Figure 7. World Oil Supply (production including biofuels, natural gas liquids) and Brent monthly average spot prices, based on EIA data.

Figure 7. World Oil Supply (production including biofuels, natural gas liquids) and Brent monthly average spot prices, based on EIA data.

More recently, prices have fallen again. Thus, we have had two recent times when prices have fallen below the cost of production for many major commodities. Both of these drops occurred after prices had been high, when debt availability was contracting or failing to rise as much as in the past.

5. Part of the problem that we are experiencing is a slow-down in wage growth.

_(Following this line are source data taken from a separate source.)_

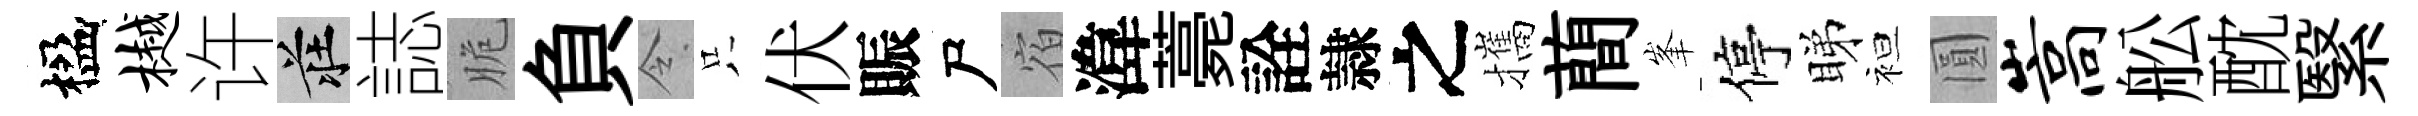
楹樾许莊誌脆負令只伏賑尸宿湋薧詮隷之攜蕳峯停睇袒圓嵩舩酖繄
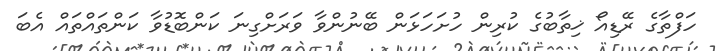
ހަފްތާގެ ރޭޑިއޯ ޚިތާބުގެ ކުރިން ހުށަހަޅަން ބޭނުންވާ ވަރަށްގިނަ ކަންބޮޑުވާ ކަންތައްތައް އެބަ
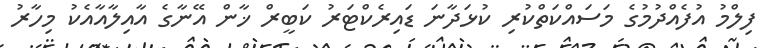
ފިލްމު އުފެއްދުމުގެ މަސައްކަތްކުރި ކުޅަދާނަ ޑައިރެކްޓަރު ކަބީރް ޚާން އޭނާގެ އާއިލާއާއެކު މިހާރު
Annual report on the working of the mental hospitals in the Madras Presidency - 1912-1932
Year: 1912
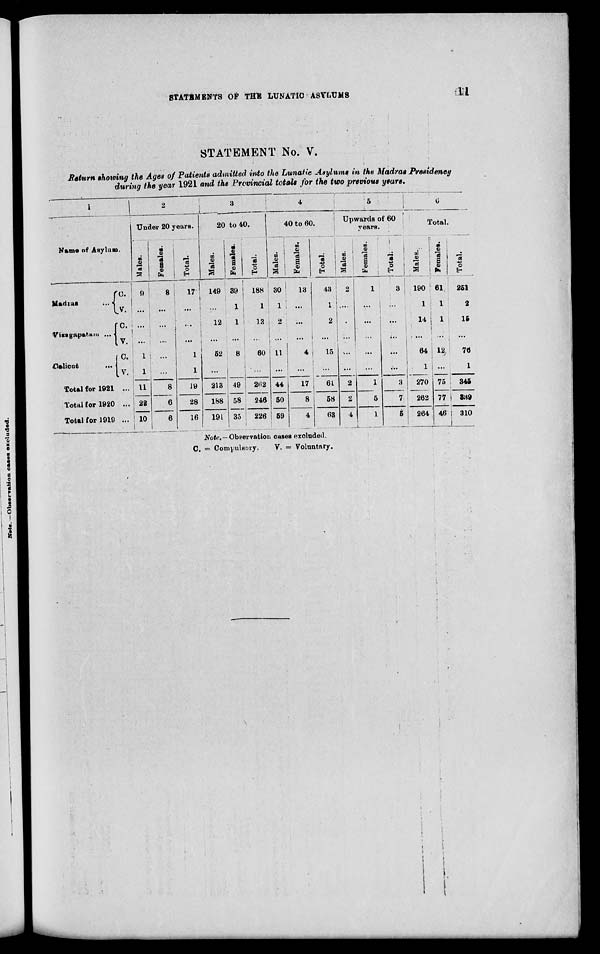
STATEMENTS OF THE LUNATIC ASYLUMS
11
STATEMENT No. V.
Return showing the Ages of Patients admitted into the Lunatic Asylums in the Madras Presideney
during the year 1921 and the Provincial totals for the two previous years.
1
Name of Asylum.
Madras
...
Vizagapatam ...
Calicut...
Total for 1921
Total for 1920
Total for 1919
C.
V.
C.
V.
C.
V.
...
...
...
2
Under 20 years.
Males.
9
...
...
...
1
1
11
22
10
Females.
8
...
...
...
...
...
8
6
6
Total.
17
...
...
...
1
1
19
28
16
3
20 to 40.
Males.
149
...
12
...
52
...
213
188
191
Females.
39
1
1
...
8
...
49
58
35
Total.
188
1
13
60
...
262
246
226
4
40 to 60.
Males.
30
1
2
...
11
...
44
50
59
Females.
13
...
...
...
4
...
17
8
4
Total.
43
1
2
...
15
...
61
58
63
5
Upwards of 60
years.
Males.
2
....
...
...
...
...
2
2
4
Females.
1
...
...
...
...
...
1
5
1
Total.
3
...
...
...
...
...
3
7
5
6
Total.
Males.
190
1
14
...
64
1
270
262
264
Females.
61
1
1
...
12
...
75
77
46
Total.
251
2
15
...
76
1
345
339
310
Note. — Observation cases excluded.
C. = Compulsory.
V. = Voluntary.
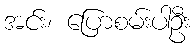
အင်း၊ ပြောစမ်းပါဦး
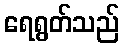
ရေရွတ်သည်
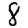
Digit: 8
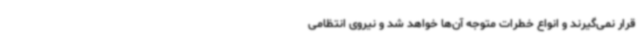
قرار نمی‌گیرند و انواع خطرات متوجه آن‌ها خواهد شد و نیروی انتظامی
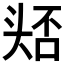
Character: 𭑛
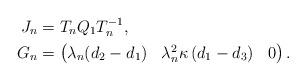
LaTeX: \begin{align*}J_n &= T_nQ_1T_n^{-1}, \\G_n &= \begin{pmatrix}\lambda_n(d_2-d_1) & \lambda_n^2\kappa\left ( d_1-d_3\right ) & 0\end{pmatrix}. \end{align*}

Figure 8 shows that in the United States, growth in per capita wages tends to disappear when oil prices rise above $40 barrel. (Of course, as noted in Point 1, interest rates have been falling since 1981. If it weren’t for this, the cut off for wage growth might even be lower–perhaps even $20 barrel!)

Figure 8. Average wages in 2012$ compared to Brent oil price, also in 2012$. Average wages are total wages based on BEA data adjusted by the CPI-Urban, divided total population. Thus, they reflect changes in the proportion of population employed as well as wage levels.

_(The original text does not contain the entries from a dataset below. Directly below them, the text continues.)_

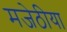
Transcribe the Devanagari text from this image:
मजेठीया
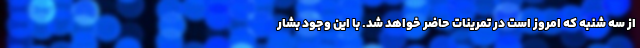
از سه شنبه که امروز است در تمرینات حاضر خواهد شد. با این وجود بشار
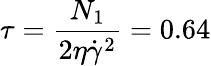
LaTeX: \tau=\frac{N_{1}}{2\eta\dot{\gamma}^{2}}=0.64
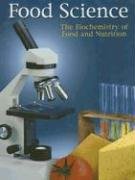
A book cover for Food Science: The Biochemistry of Food & Nutrition, 4th Edition; McGraw-Hill Education; Teen & Young Adult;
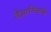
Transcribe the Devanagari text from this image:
वैज्ञानिकके
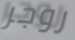
روجر
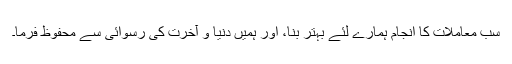
سب معاملات کا انجام ہمارے لئے بہتر بنا، اور ہمیں دنیا و آخرت کی رسوائی سے محفوظ فرما۔
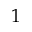
1
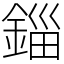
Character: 錙
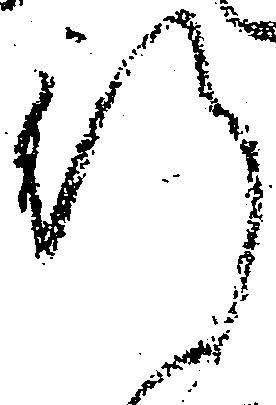
行
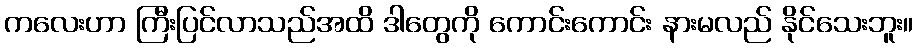
ကလေးဟာ ကြီးပြင်လာသည်အထိ ဒါတွေကို ကောင်းကောင်း နားမလည် နိုင်သေးဘူး။
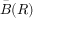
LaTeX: { \bar { B } } ( R )
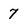
Character: 7
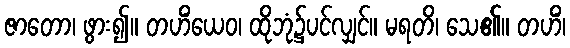
ဇာတော၊ ဖွား၍။ တဟိံယေဝ၊ ထိုဘုံ၌ပင်လျှင်။ မရတိ၊ သေ၏။ တဟိံ၊
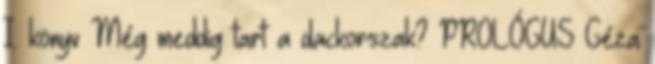
I. könyv Még meddig tart a dackorszak? PROLÓGUS Géza
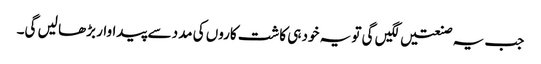
جب یہ صنعتیں لگیں گی تو یہ خود ہی کاشت کاروں کی مدد سے پیداوار بڑھا لیں گی۔
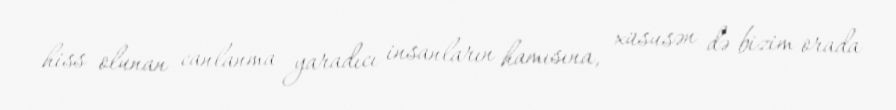
hiss olunan canlanma yaradıcı insanların hamısına, xüsusən də bizim orada
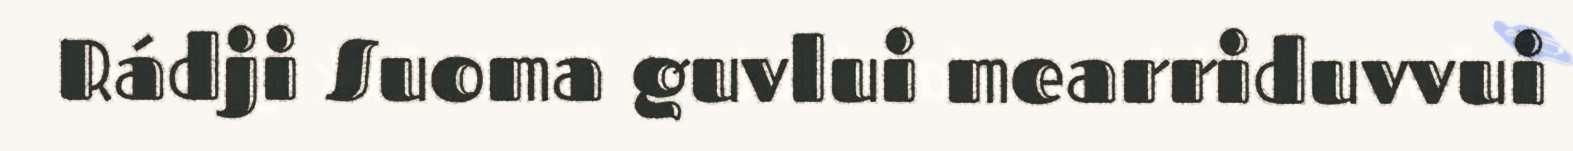
Rádji Suoma guvlui mearriduvvui
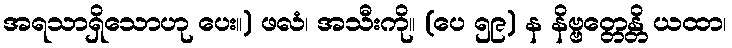
အရသာရှိသောဟု ပေး။) ဖလံ၊ အသီးကို။ (ပေ ၅၉) န နိဗ္ဗတ္တေန္တိ ယထာ၊
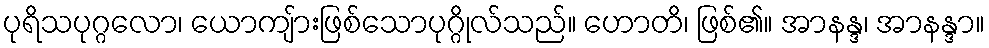
ပုရိသပုဂ္ဂလော၊ ယောကျ်ားဖြစ်သောပုဂ္ဂိုလ်သည်။ ဟောတိ၊ ဖြစ်၏။ အာနန္ဒ၊ အာနန္ဒာ။
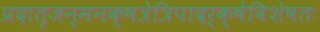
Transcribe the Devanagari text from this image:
प्रदातृजन्मनक्षत्रेत्रिपादर्क्षेविशेषतः
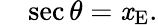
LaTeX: \quad\sec\theta=\mathit{x}_{\mathrm{{E}}}.
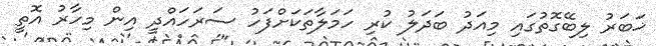
ޚަބަރު ލިބޭގޮތުގައި މިއަދު ބަދަލު ކުރި ހަމަލާތަކަށްފަހު ސަރަހައްދީ އިން މިހާރު އޮތީ

Figure 8. Average wages in 2012$ compared to Brent oil price, also in 2012$. Average wages are total wages based on BEA data adjusted by the CPI-Urban, divided by total population. Thus, they reflect changes in the proportion of population employed as well as wage levels.

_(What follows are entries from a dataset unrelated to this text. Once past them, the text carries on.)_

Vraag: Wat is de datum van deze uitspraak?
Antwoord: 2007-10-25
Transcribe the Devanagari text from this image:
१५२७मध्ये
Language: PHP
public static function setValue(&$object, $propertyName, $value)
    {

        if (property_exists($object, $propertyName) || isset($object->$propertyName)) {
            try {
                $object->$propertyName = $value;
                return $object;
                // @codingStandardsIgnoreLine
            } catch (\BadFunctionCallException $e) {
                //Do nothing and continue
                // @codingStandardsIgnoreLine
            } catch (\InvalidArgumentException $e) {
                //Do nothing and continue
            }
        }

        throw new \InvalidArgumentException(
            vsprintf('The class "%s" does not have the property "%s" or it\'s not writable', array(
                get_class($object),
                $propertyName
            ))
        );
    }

There is also a logical reason why we should expect that wages would tend to fall as energy costs rise. How does a manufacturer respond to the much higher cost of one or more of its major inputs? If the manufacturer simply passes the higher cost along, many customers will no longer be able to afford the manufacturer’s or service-provider’s products. If businesses can simply reduce some other costs to offset the rise in the cost in energy products and metals, they might be able to keep most of their customers.

A major area where a manufacturer or service provider can cut costs is in wage expense.  (Note the different types of expenses shown in Figure 5. Wages are a major type of expense for most businesses.)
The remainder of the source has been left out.